Review how to organize your objectives (what you’re hoping to achieve), understand the relationship among those objectives, and separate objectives from means (how you’re going to achieve the objectives).
Workforce practitioners who want to act on a problem or “mess” and organize their many concerns to better understand what they want to achieve.
What does this tool help you achieve?
Systems change initiatives are often designed to tackle multiple problems and achieve multiple objectives simultaneously. Brainstorm your many concerns about a problem, organize concerns into a set of objectives (or things you want to achieve), and determine which objectives are most important or fundamental. Properly organized objectives inform all subsequent decisions in your systems change initiative, including what to research, which stakeholders to involve, and the means by which to achieve your objectives.
This worksheet provides guidance on the fundamental objective hierarchy process.* Use this process to better understand how to solve your problem.
1. Identify Objectives
Start by brainstorming all your possibilities. Consider your primary concerns. Create a wish list of tasks you want to accomplish. Consider alternatives and reflect on your past work. At the end of this step, you should have identified your objectives.

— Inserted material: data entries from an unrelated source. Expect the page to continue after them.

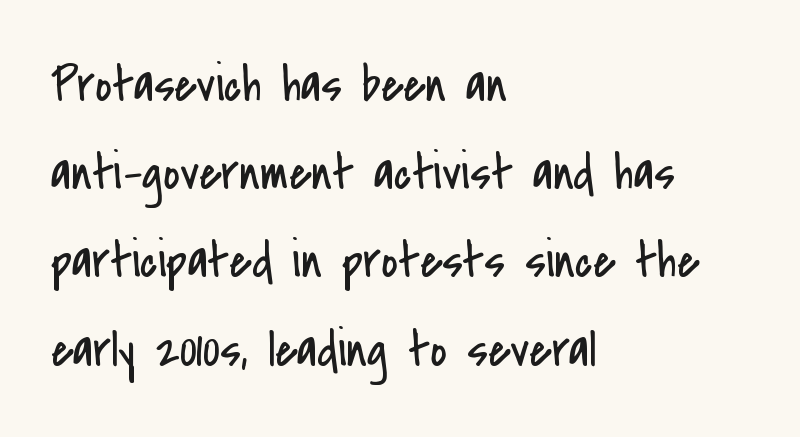
The image shows 51 px regular-weight, condensed sans-serif type, upright; set left-aligned, line spacing 1.73x, normal letter spacing, not underlined; low stroke contrast and a small x-height.
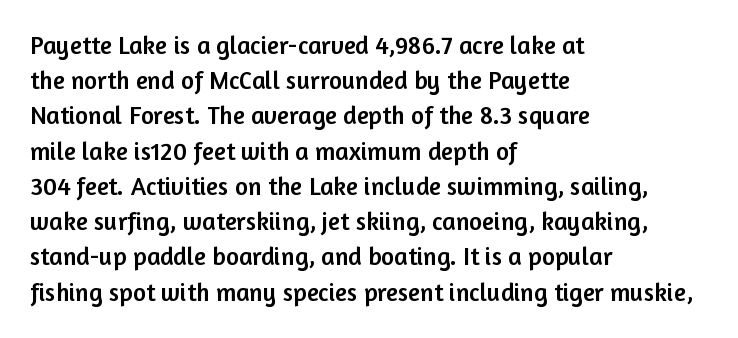
{"italic": "no", "underline": "no", "align": "left", "line_spacing": "normal", "line_spacing_ratio": 1.41, "letter_spacing": "normal", "letter_spacing_em": 0.0, "glyph_px": 25}
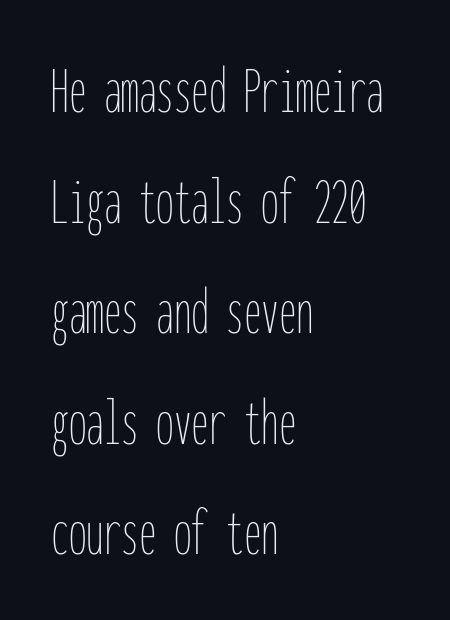
Q: Is the text bold? A: No.
Q: Is the text italic (slanted)? A: No, it is upright.
Q: Is the text underlined? A: No.
Q: How is the paragraph aligned? A: Left-aligned.
Q: Is the spacing between letters normal or unusually wide? A: Normal.
Q: Is the spacing between lines tight, normal or loose? A: Normal.
Q: Width (condensed, normal, or wide)? A: Condensed.
Q: Stroke contrast? A: Low.
Q: x-height? A: Medium.
Q: Monospaced? A: Yes.
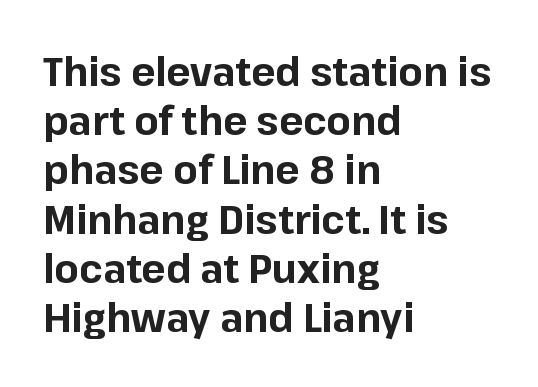
The image shows 40 px bold sans-serif type, upright; set left-aligned, line spacing 1.23x, normal letter spacing, not underlined; low stroke contrast and a medium x-height.
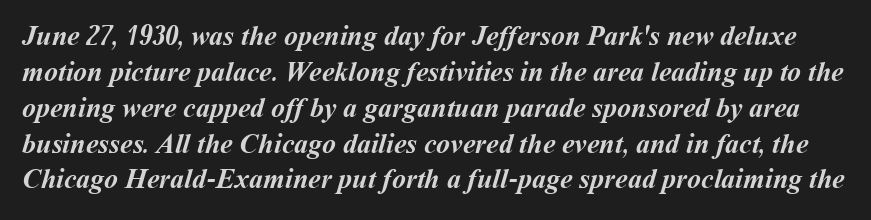
Leading: standard. Character widths vary here, with narrow letters taking less room than wide ones. No word sits above an underline. These lines carry a lot of weight — the face is fully bold. Honestly, the letter spacing is just normal — you wouldn't notice it.
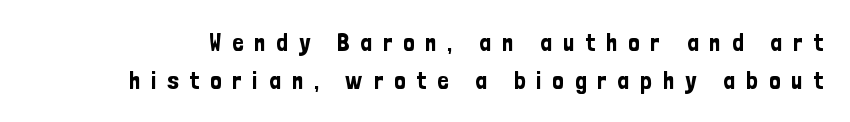
Q: Is the text italic (slanted)? A: No, it is upright.
Q: Is the text underlined? A: No.
Q: Is the spacing between letters normal or unusually wide? A: Unusually wide.
Q: Is the spacing between lines tight, normal or loose? A: Normal.
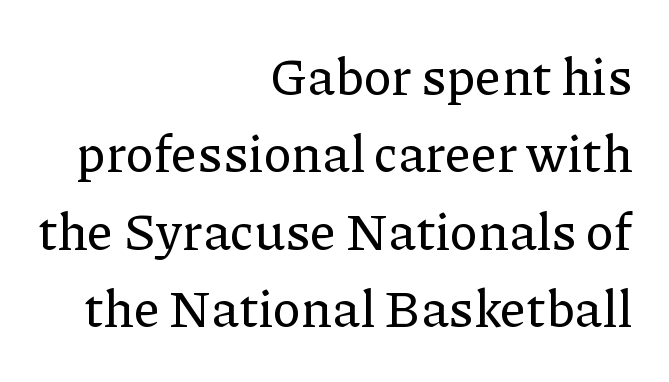
The image shows 52 px serif type, upright; set right-aligned, normal line spacing (1.49x), normal letter spacing, not underlined; low stroke contrast and a medium x-height.
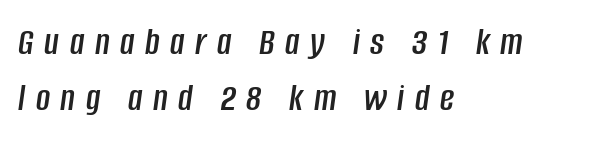
Every character sits at an angle, as italics do. Nobody drew a line under any word here. Proportional: the letters do not fall into vertical columns. Between one letter and the next there's a generous, obvious gap. The paragraph shown leans on its left margin.
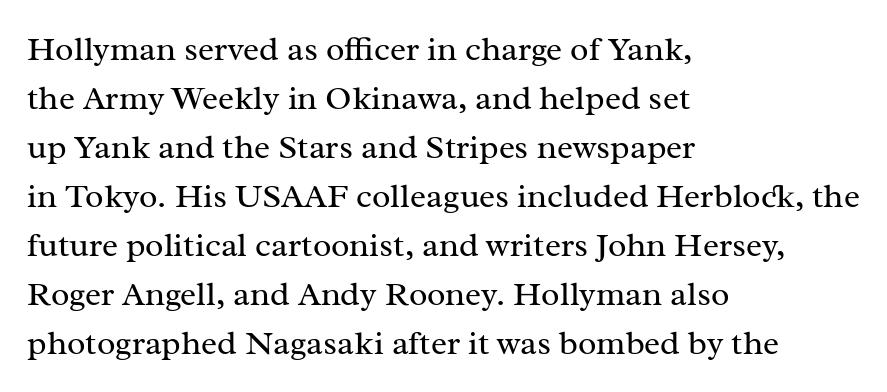
Q: Is the text bold? A: No.
Q: Is the text italic (slanted)? A: No, it is upright.
Q: Is the typeface a serif or a sans-serif typeface? A: Serif.
Q: Is the text underlined? A: No.
Q: How is the paragraph aligned? A: Left-aligned.
Q: Is the spacing between letters normal or unusually wide? A: Normal.
Q: Is the spacing between lines tight, normal or loose? A: Normal.
Q: Width (condensed, normal, or wide)? A: Normal.
Q: Stroke contrast? A: Medium.
Q: x-height? A: Medium.
Q: Monospaced? A: No.
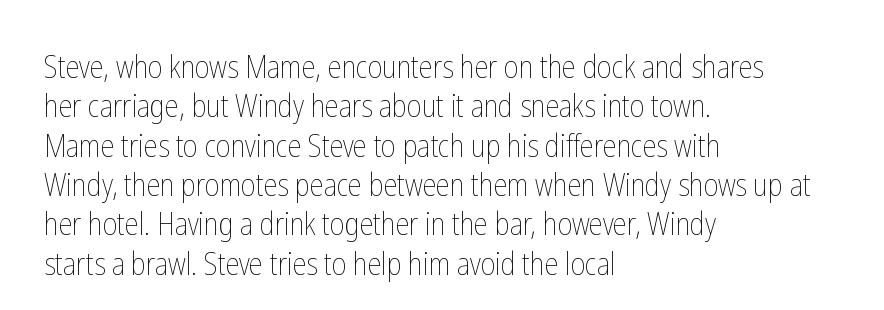
The image shows 31 px thin, condensed type, upright; set left-aligned, normal line spacing (1.27x), normal letter spacing, not underlined; low stroke contrast and a medium x-height.
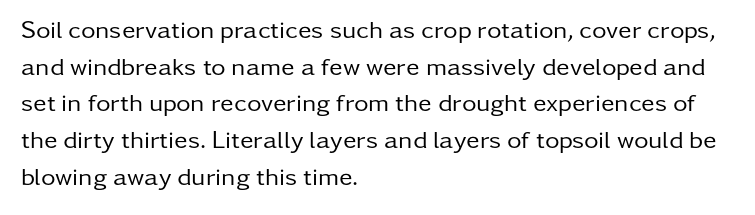
{"italic": "no", "bold": "no", "underline": "no", "align": "left", "line_spacing": "normal", "line_spacing_ratio": 1.47, "letter_spacing": "normal", "letter_spacing_em": 0.0, "glyph_px": 25}
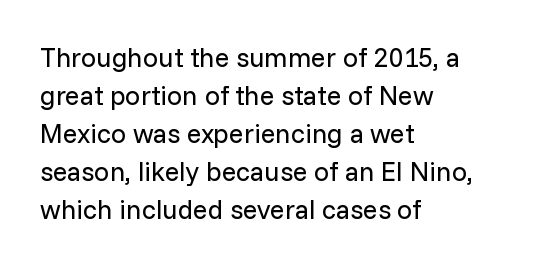
The designer left line spacing at the default. A classic flush-left, rag-right setting is used for this passage. The font sits on the lighter half of the weight spectrum, regular included. The letters stand straight up with perfectly vertical stems. No word sits above an underline.
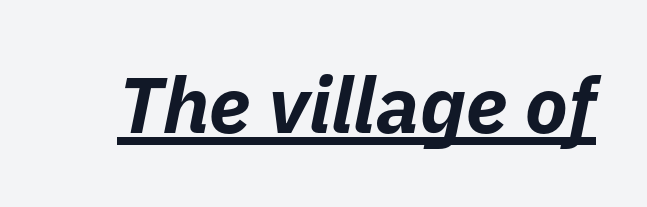
{"italic": "yes", "lean": "right", "slant_degrees": 11, "bold": "yes", "weight": "bold", "width": "normal", "stroke_contrast": "low", "x_height": "medium", "monospaced": "no", "underline": "yes", "letter_spacing": "normal", "letter_spacing_em": 0.0, "glyph_px": 79}
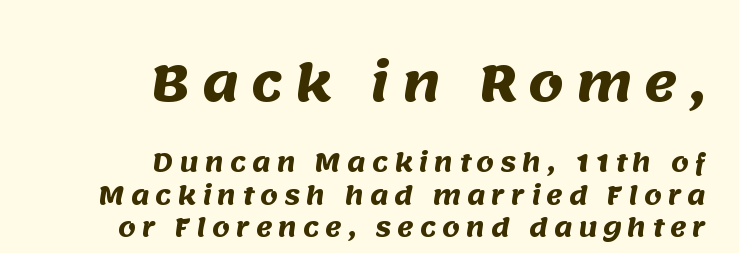
Q: Is the text bold? A: Yes.
Q: Is the typeface a serif or a sans-serif typeface? A: Sans-serif.
Q: Is the text underlined? A: No.
Q: How is the paragraph aligned? A: Right-aligned.
Q: Is the spacing between letters normal or unusually wide? A: Unusually wide.
Q: Is the spacing between lines tight, normal or loose? A: Normal.
Q: Which block of text is set in a larger size, the first (top) or the second (bottom)? A: The first (top) one.
Q: Width (condensed, normal, or wide)? A: Normal.
Q: Stroke contrast? A: Medium.
Q: x-height? A: Large.
Q: Monospaced? A: No.

2. Separate Means and Ends
Classify your identified objectives into means and ends. Of the objectives you identified, ask yourself these questions:
Could this objective be a means to achieving or contributing to another? These are means objectives.

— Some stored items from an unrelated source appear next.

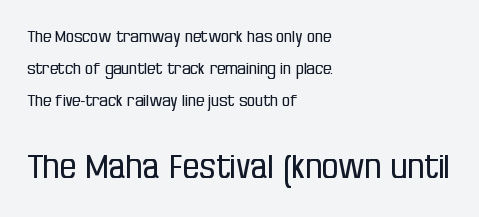
Q: Is the text bold? A: No.
Q: Is the text italic (slanted)? A: No, it is upright.
Q: Is the typeface a serif or a sans-serif typeface? A: Sans-serif.
Q: Is the text underlined? A: No.
Q: How is the paragraph aligned? A: Left-aligned.
Q: Is the spacing between letters normal or unusually wide? A: Normal.
Q: Is the spacing between lines tight, normal or loose? A: Loose.
Q: Which block of text is set in a larger size, the first (top) or the second (bottom)? A: The second (bottom) one.
Q: Width (condensed, normal, or wide)? A: Condensed.
Q: Stroke contrast? A: Low.
Q: x-height? A: Large.
Q: Monospaced? A: No.
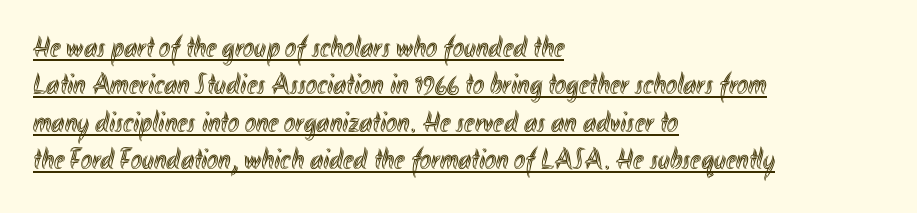
Short and long lines alike share a common starting point at left. The passage shown is typed in a proportional face where columns would drift. Caption: lettering with a line underneath. Baseline-to-baseline distance is the conventional proportion of letter height. Caption: standard tracking, unaltered.
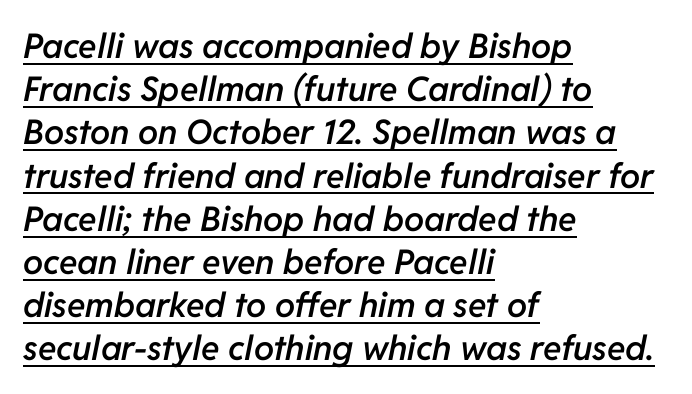
{"italic": "yes", "lean": "right", "slant_degrees": 11, "bold": "semi", "weight": "semibold", "width": "normal", "stroke_contrast": "low", "x_height": "medium", "monospaced": "no", "underline": "yes", "align": "left", "line_spacing": "normal", "line_spacing_ratio": 1.27, "letter_spacing": "normal", "letter_spacing_em": 0.0, "glyph_px": 34}

Does this objective define the fundamental reason for your interest? These are fundamental objectives.
Means objective: Show up to work early.
Fundamental objective: Get your work done on time.
3. Create a Hierarchy
Organize your fundamental objectives into a hierarchy. Place general objectives at the top. Lower-level objectives should be mutually exclusive and collectively describe a higher-level objective:
As you move objectives down the list, ask, “What do you mean by that?”
As you move objectives up the list, ask, “What more general objective is this an aspect of?”
*Inspired by Keeney, R. L. (1996). Value-focused thinking. A path to creative decision-making. Harvard University Press.